§ **MATERIAL FOR THIS EXERCISE**:
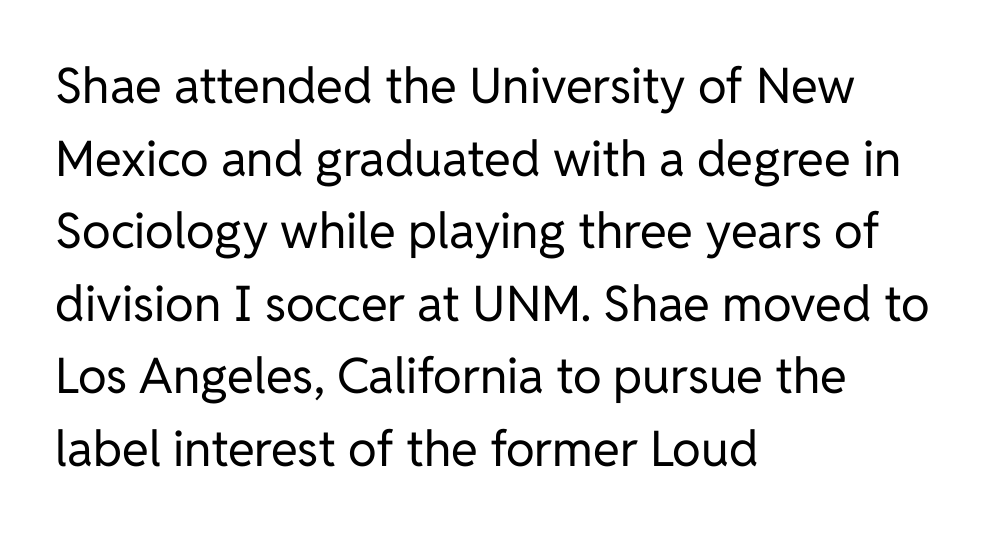
{"serif": "no", "italic": "no", "bold": "no", "weight": "regular", "width": "normal", "stroke_contrast": "low", "x_height": "medium", "monospaced": "no", "underline": "no", "align": "left", "line_spacing": "normal", "line_spacing_ratio": 1.48, "letter_spacing": "normal", "letter_spacing_em": 0.0, "glyph_px": 49}
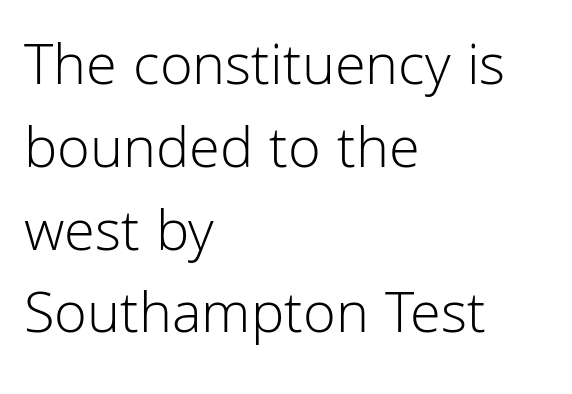
The image shows 60 px light sans-serif type, upright; set left-aligned, normal line spacing (1.38x), normal letter spacing, not underlined; low stroke contrast and a medium x-height.
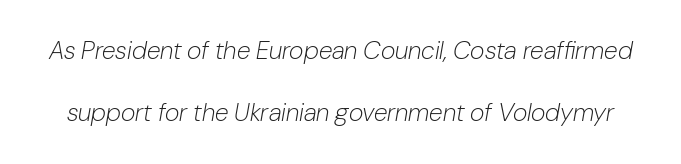
Inter-character spacing is left at the font's built-in metrics. The vertical gap from one line to the next is large. A bare baseline throughout the passage. The typeface has the unassuming heft of standard copy or less.
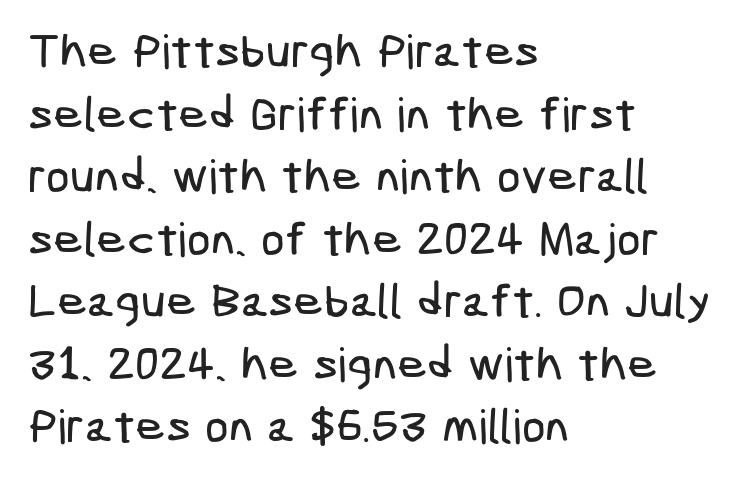
Q: Is the typeface a serif or a sans-serif typeface? A: Sans-serif.
Q: Is the text underlined? A: No.
Q: How is the paragraph aligned? A: Left-aligned.
Q: Is the spacing between letters normal or unusually wide? A: Normal.
Q: Is the spacing between lines tight, normal or loose? A: Normal.
Q: Width (condensed, normal, or wide)? A: Condensed.
Q: Stroke contrast? A: Low.
Q: x-height? A: Medium.

§ **WHAT YOU HAVE TO DO**:
Please return only the lines from the one with "Q: Is the text underlined? A: No." through the end of the listing, each exactly as written, first and last included.

§ **OUTPUT FOR THIS EXERCISE**:
Q: Is the text underlined? A: No.
Q: How is the paragraph aligned? A: Left-aligned.
Q: Is the spacing between letters normal or unusually wide? A: Normal.
Q: Is the spacing between lines tight, normal or loose? A: Normal.
Q: Width (condensed, normal, or wide)? A: Condensed.
Q: Stroke contrast? A: Low.
Q: x-height? A: Medium.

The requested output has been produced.